Records excerpted from a collection

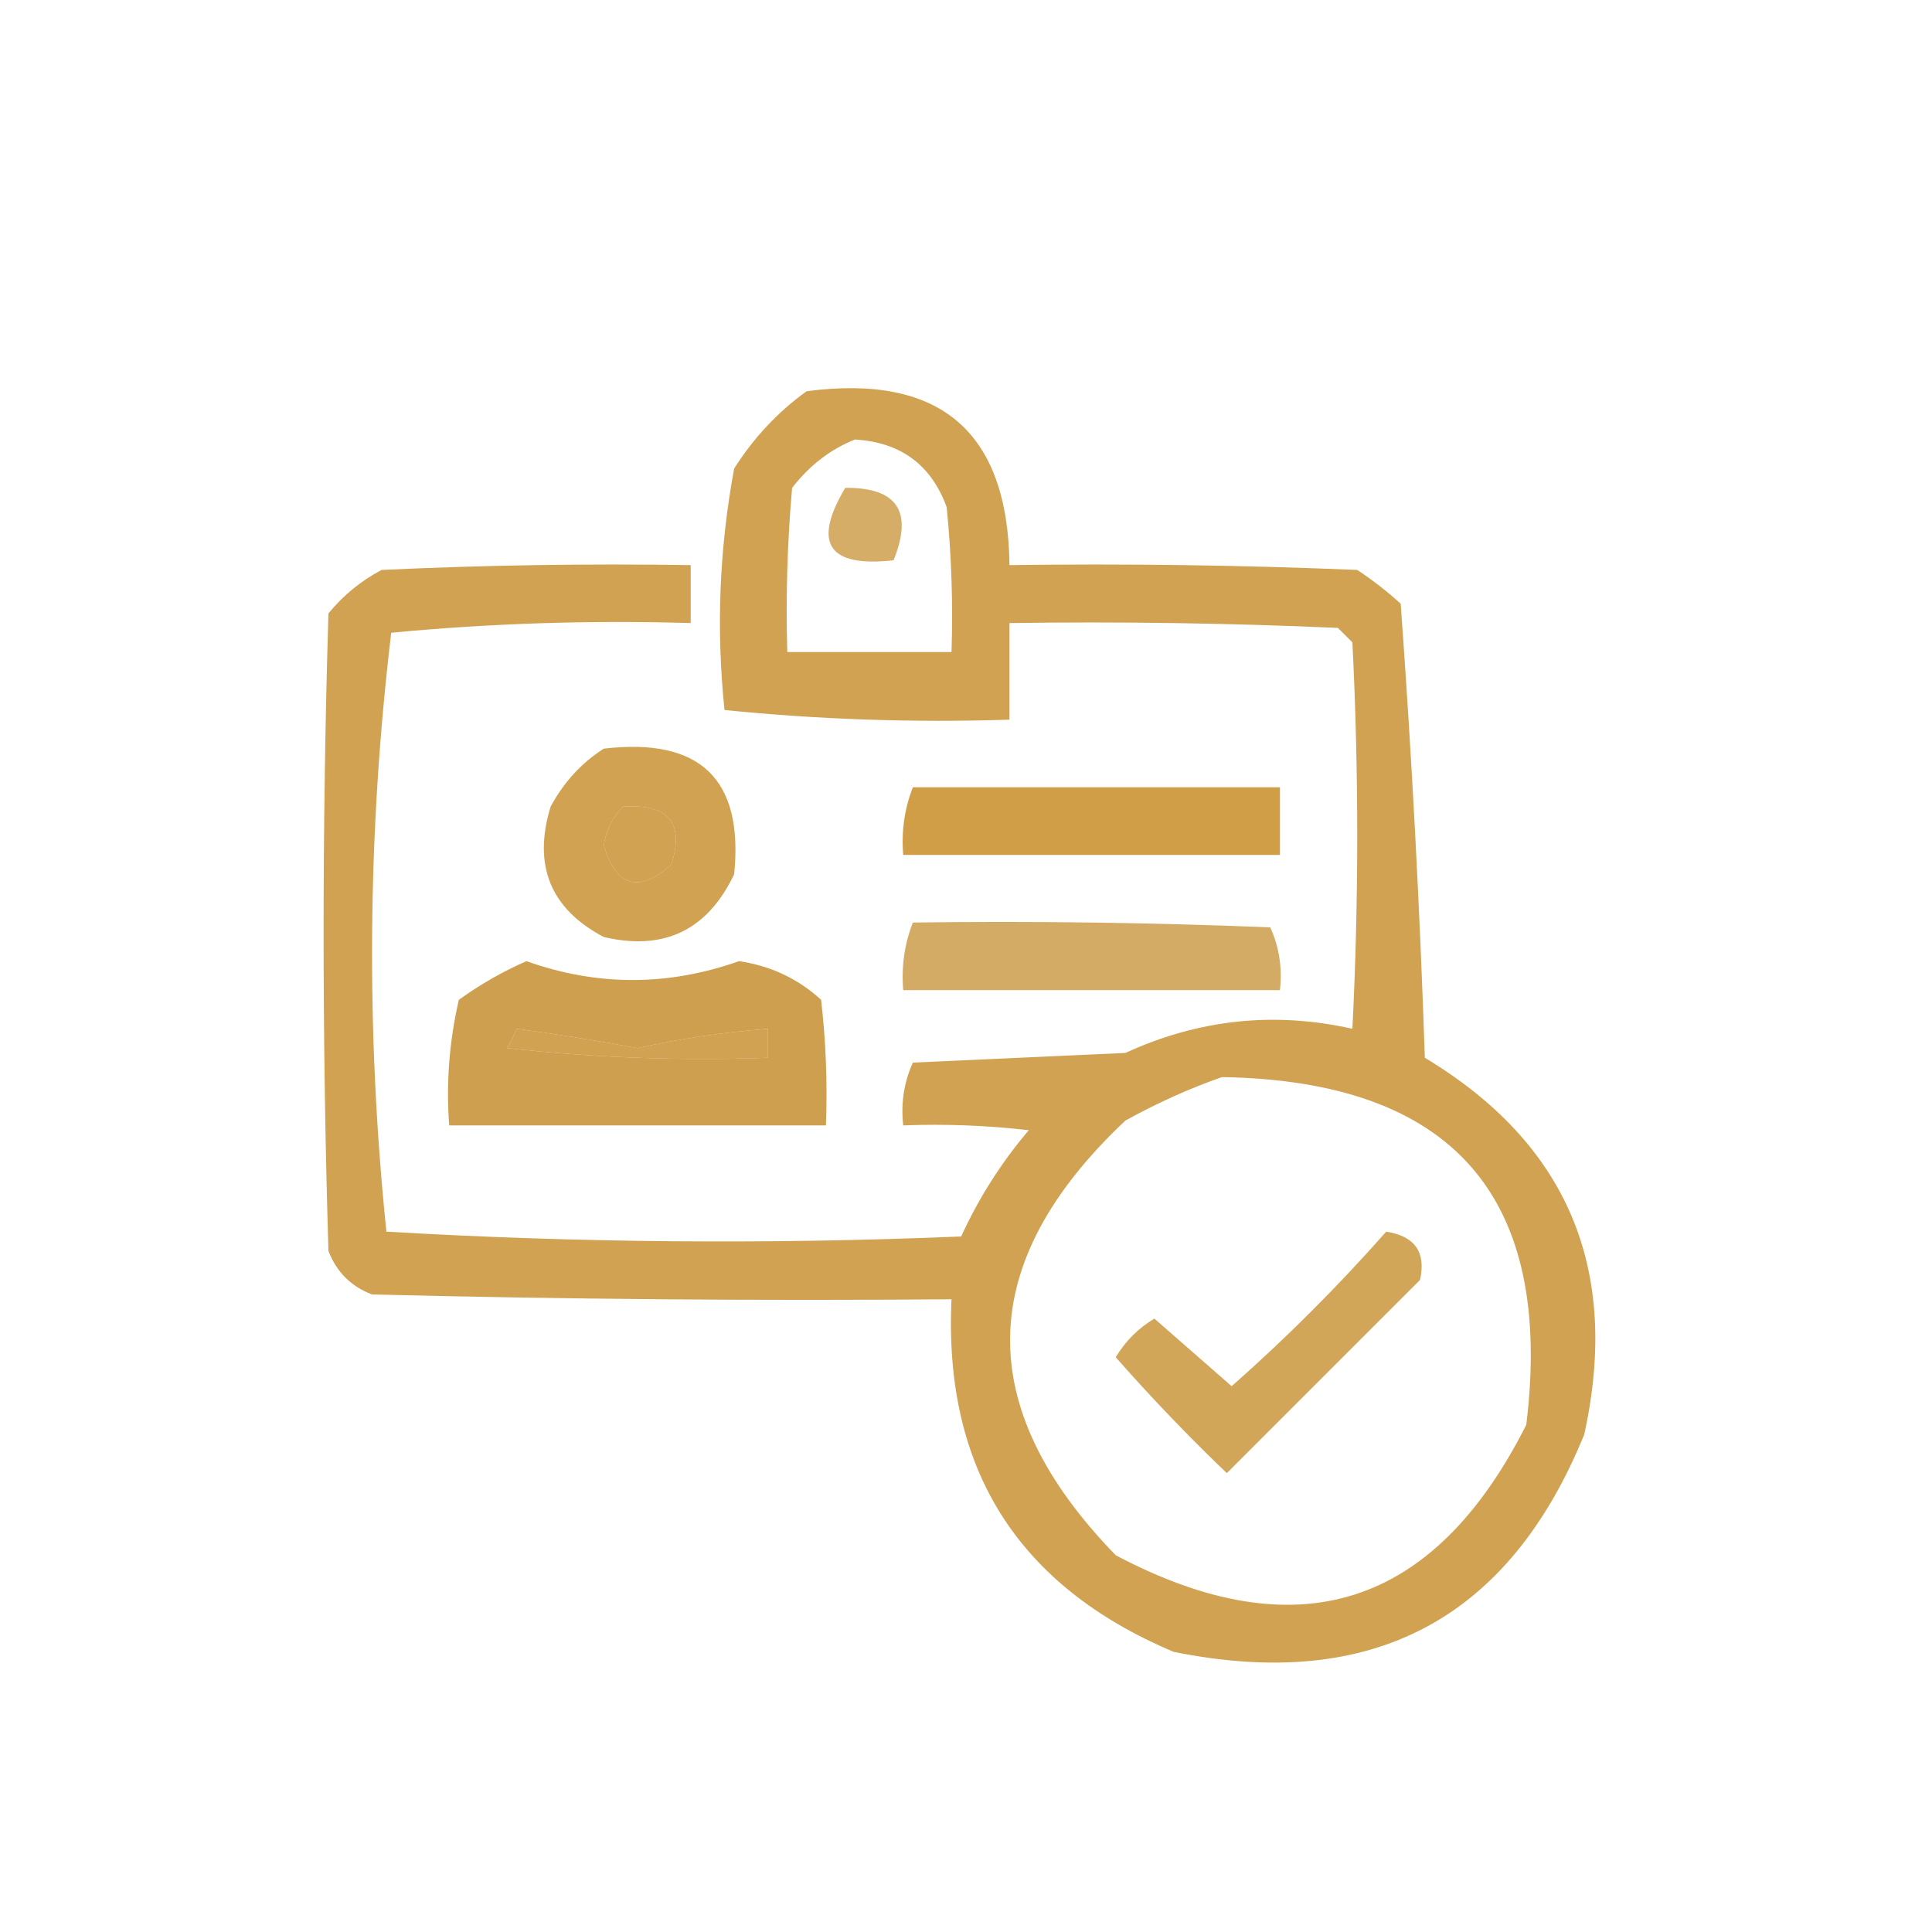 <?xml version="1.0" encoding="UTF-8"?>
<!DOCTYPE svg PUBLIC "-//W3C//DTD SVG 1.1//EN" "http://www.w3.org/Graphics/SVG/1.1/DTD/svg11.dtd">
<svg xmlns="http://www.w3.org/2000/svg" version="1.1" width="200px" height="200px" style="shape-rendering:geometricPrecision; text-rendering:geometricPrecision; image-rendering:optimizeQuality; fill-rule:evenodd; clip-rule:evenodd" xmlns:xlink="http://www.w3.org/1999/xlink">
<g><path style="opacity:0.835" fill="#c79030" d="M 83.5,40.5 C 97.341,38.681 104.341,44.681 104.5,58.5C 116.505,58.334 128.505,58.5 140.5,59C 142.09,60.046 143.59,61.212 145,62.5C 146.137,78.085 146.971,93.752 147.5,109.5C 162.265,118.383 167.765,131.383 164,148.5C 156.195,167.656 142.028,175.156 121.5,171C 105.346,164.193 97.679,152.026 98.5,134.5C 78.497,134.667 58.497,134.5 38.5,134C 36.333,133.167 34.833,131.667 34,129.5C 33.333,107.5 33.333,85.5 34,63.5C 35.543,61.622 37.376,60.122 39.5,59C 50.161,58.5 60.828,58.334 71.5,58.5C 71.5,60.5 71.5,62.5 71.5,64.5C 61.114,64.191 50.781,64.524 40.5,65.5C 38.033,86.146 37.866,106.813 40,127.5C 59.76,128.659 79.594,128.826 99.5,128C 101.334,123.995 103.667,120.328 106.5,117C 102.179,116.501 97.846,116.334 93.5,116.5C 93.244,114.208 93.577,112.041 94.5,110C 101.833,109.667 109.167,109.333 116.5,109C 124.081,105.518 131.915,104.685 140,106.5C 140.667,93.167 140.667,79.833 140,66.5C 139.5,66 139,65.5 138.5,65C 127.172,64.5 115.838,64.334 104.5,64.5C 104.5,67.833 104.5,71.167 104.5,74.5C 94.584,74.819 84.75,74.486 75,73.5C 74.13,65.103 74.463,56.77 76,48.5C 78.028,45.308 80.528,42.641 83.5,40.5 Z M 88.5,45.5 C 93.228,45.775 96.394,48.108 98,52.5C 98.499,57.489 98.666,62.489 98.5,67.5C 92.833,67.5 87.167,67.5 81.5,67.5C 81.334,61.824 81.501,56.157 82,50.5C 83.805,48.174 85.972,46.508 88.5,45.5 Z M 64.5,83.5 C 69.214,83.201 70.88,85.201 69.5,89.5C 66.123,92.485 63.789,91.819 62.5,87.5C 62.752,85.927 63.418,84.594 64.5,83.5 Z M 53.5,106.5 C 57.677,107.058 61.844,107.724 66,108.5C 70.455,107.515 74.955,106.848 79.5,106.5C 79.5,107.5 79.5,108.5 79.5,109.5C 70.475,109.832 61.475,109.498 52.5,108.5C 52.863,107.817 53.196,107.15 53.5,106.5 Z M 126.5,111.5 C 150.389,111.885 160.889,123.885 158,147.5C 148.443,166.432 134.277,170.932 115.5,161C 100.592,145.66 100.925,130.66 116.5,116C 119.815,114.17 123.149,112.67 126.5,111.5 Z"/></g>
<g><path style="opacity:0.735" fill="#c79030" d="M 87.5,50.5 C 92.881,50.452 94.547,52.952 92.5,58C 85.745,58.756 84.078,56.256 87.5,50.5 Z"/></g>
<g><path style="opacity:0.834" fill="#c79030" d="M 62.5,77.5 C 72.492,76.327 76.992,80.66 76,90.5C 73.24,96.297 68.74,98.463 62.5,97C 56.975,94.081 55.142,89.581 57,83.5C 58.36,80.977 60.193,78.977 62.5,77.5 Z M 64.5,83.5 C 63.418,84.594 62.752,85.927 62.5,87.5C 63.789,91.819 66.123,92.485 69.5,89.5C 70.88,85.201 69.214,83.201 64.5,83.5 Z"/></g>
<g><path style="opacity:0.89" fill="#c99231" d="M 94.5,81.5 C 107.167,81.5 119.833,81.5 132.5,81.5C 132.5,83.833 132.5,86.167 132.5,88.5C 119.5,88.5 106.5,88.5 93.5,88.5C 93.298,86.05 93.631,83.717 94.5,81.5 Z"/></g>
<g><path style="opacity:0.75" fill="#c58f30" d="M 94.5,95.5 C 106.838,95.334 119.171,95.5 131.5,96C 132.423,98.041 132.756,100.208 132.5,102.5C 119.5,102.5 106.5,102.5 93.5,102.5C 93.298,100.05 93.631,97.717 94.5,95.5 Z"/></g>
<g><path style="opacity:0.852" fill="#c68f30" d="M 54.5,99.5 C 61.809,102.102 69.143,102.102 76.5,99.5C 79.764,99.974 82.598,101.307 85,103.5C 85.499,107.821 85.666,112.154 85.5,116.5C 72.5,116.5 59.5,116.5 46.5,116.5C 46.174,112.116 46.508,107.783 47.5,103.5C 49.765,101.873 52.099,100.539 54.5,99.5 Z M 53.5,106.5 C 53.196,107.15 52.863,107.817 52.5,108.5C 61.475,109.498 70.475,109.832 79.5,109.5C 79.5,108.5 79.5,107.5 79.5,106.5C 74.955,106.848 70.455,107.515 66,108.5C 61.844,107.724 57.677,107.058 53.5,106.5 Z"/></g>
<g><path style="opacity:0.804" fill="#c69030" d="M 143.5,127.5 C 146.473,127.965 147.64,129.632 147,132.5C 140.333,139.167 133.667,145.833 127,152.5C 122.984,148.652 119.151,144.652 115.5,140.5C 116.5,138.833 117.833,137.5 119.5,136.5C 122.167,138.833 124.833,141.167 127.5,143.5C 133.188,138.479 138.521,133.146 143.5,127.5 Z"/></g>
</svg>

*WHAT IS REQUIRED*
Please repeat each line from the one with "143.5,127.5 C 146.473,127.965" through the last line of the data above, and add nothing.

*ANSWER BELOW*
<g><path style="opacity:0.804" fill="#c69030" d="M 143.5,127.5 C 146.473,127.965 147.64,129.632 147,132.5C 140.333,139.167 133.667,145.833 127,152.5C 122.984,148.652 119.151,144.652 115.5,140.5C 116.5,138.833 117.833,137.5 119.5,136.5C 122.167,138.833 124.833,141.167 127.5,143.5C 133.188,138.479 138.521,133.146 143.5,127.5 Z"/></g>
</svg>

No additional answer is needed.